Wednesday, July 25, 2012

The Foreclosure Notice

I know that there are a lot of people that are going through something similar to this or some other devastating challenge. It may be the end of a marriage or someone dealing with a physical or emotional aliment. For all of those challenges you’re dealing with I’m sorry.

The reason that I’ve decided to write this blog is because there were a lot of times that I felt absolutely alone. I was depressed and angry and felt hopeless. I did not know where to go. It’s my hope that by sharing my story, it will give those of you going through your own struggles that knowledge that you are not alone.

We knew we were going to lose the house.  The writing was on the wall and it was just a matter of time. Even knowing that, when I got home from work that day and saw the foreclosure notice on the garage it knocked the wind completely out of me. I felt like I had been hit in the chest with a sledge hammer. I stepped to the side of the house and lost it. Michelle and the girls hadn’t seen the notice yet and I had to break the news to them. First I had to compose myself. I needed to be stoic and reassuring. Michelle and I needed to provide the kids with a sense of stability. We needed to make sure that they felt secure. But how was I supposed to do that when things were anything but secure?
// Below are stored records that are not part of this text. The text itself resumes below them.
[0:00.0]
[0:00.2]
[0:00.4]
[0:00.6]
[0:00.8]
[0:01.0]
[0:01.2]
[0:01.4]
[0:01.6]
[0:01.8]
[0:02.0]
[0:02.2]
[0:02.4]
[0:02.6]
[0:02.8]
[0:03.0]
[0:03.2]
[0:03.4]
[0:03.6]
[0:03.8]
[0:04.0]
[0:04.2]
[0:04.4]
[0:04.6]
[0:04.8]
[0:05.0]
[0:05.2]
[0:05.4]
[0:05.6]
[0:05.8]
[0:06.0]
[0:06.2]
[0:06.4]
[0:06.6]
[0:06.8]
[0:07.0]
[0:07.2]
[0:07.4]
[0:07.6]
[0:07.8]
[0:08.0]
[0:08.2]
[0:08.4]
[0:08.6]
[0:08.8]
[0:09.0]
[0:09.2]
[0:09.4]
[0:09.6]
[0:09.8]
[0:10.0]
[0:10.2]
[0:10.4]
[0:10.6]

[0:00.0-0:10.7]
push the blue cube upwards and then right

They were giving us 30 days to move out.

You see bankruptcy is very much a psychological challenge. Everything about it denotes failure. It was a reflection of my inability to provide for my family. As a man, and like most men, I have always prided myself on my ability to provide. That is my job….. my responsibility. This bankruptcy represented an attack on my inadequacies. My inability to fulfill my responsibilities to the ones I love.
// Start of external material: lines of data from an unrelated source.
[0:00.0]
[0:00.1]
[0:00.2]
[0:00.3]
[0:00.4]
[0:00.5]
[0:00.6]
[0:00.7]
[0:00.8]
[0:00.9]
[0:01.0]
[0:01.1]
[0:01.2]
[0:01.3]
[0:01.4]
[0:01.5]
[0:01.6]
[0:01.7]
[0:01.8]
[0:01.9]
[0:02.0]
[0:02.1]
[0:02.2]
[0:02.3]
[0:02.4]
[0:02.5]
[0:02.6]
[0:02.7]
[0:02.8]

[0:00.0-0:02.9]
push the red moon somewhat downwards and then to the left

I went into the house, found Michelle, pulled her into our bedroom and told her. We hugged each other and cried. You see, at that moment it wasn’t about us and it wasn’t about the house. It was about the kids. We both felt like we were failing them. They didn’t bring this onto themselves, we brought this onto them. It was a rough day.

We decided not to tell them that day. We had 30 days to move and we needed to think carefully about where we were going to go and what we were going to say. However, that night sitting there in that house that was no longer ours, we sat with our girls and talked and laughed about what had happened to them during the day. Kenna described to us the new moves she was learning for the high school drill team. Mady filled us in on her little boy crush. And Bella just laughed and giggled the whole time because……..well, that’s Bella. We had a lot to be thankful for.

The lesson that I learned from that is to be thankful for what I have today. Somehow or another tomorrow will take care of itself. Many of you are probably like me; you look at your life in terms of where you’re going to be in 5 or 10 years. Its common, we all look towards the future, but in the process often times forget the present. How many times in our daily lives are we so rushed that we forget to enjoy the moment? Today will come and go but we don’t even realize it because we’re so focused on tomorrow. Savor the moments we have today, tomorrow will take care of itself.

9 comments:

  1. Wow! I am so incredibly touched by your complete honesty and humbleness. Everyone is struggling and it is so difficult to let our pride down and let our true trials and pains show. Thank you for sharing. I am so very sorry you are going through this.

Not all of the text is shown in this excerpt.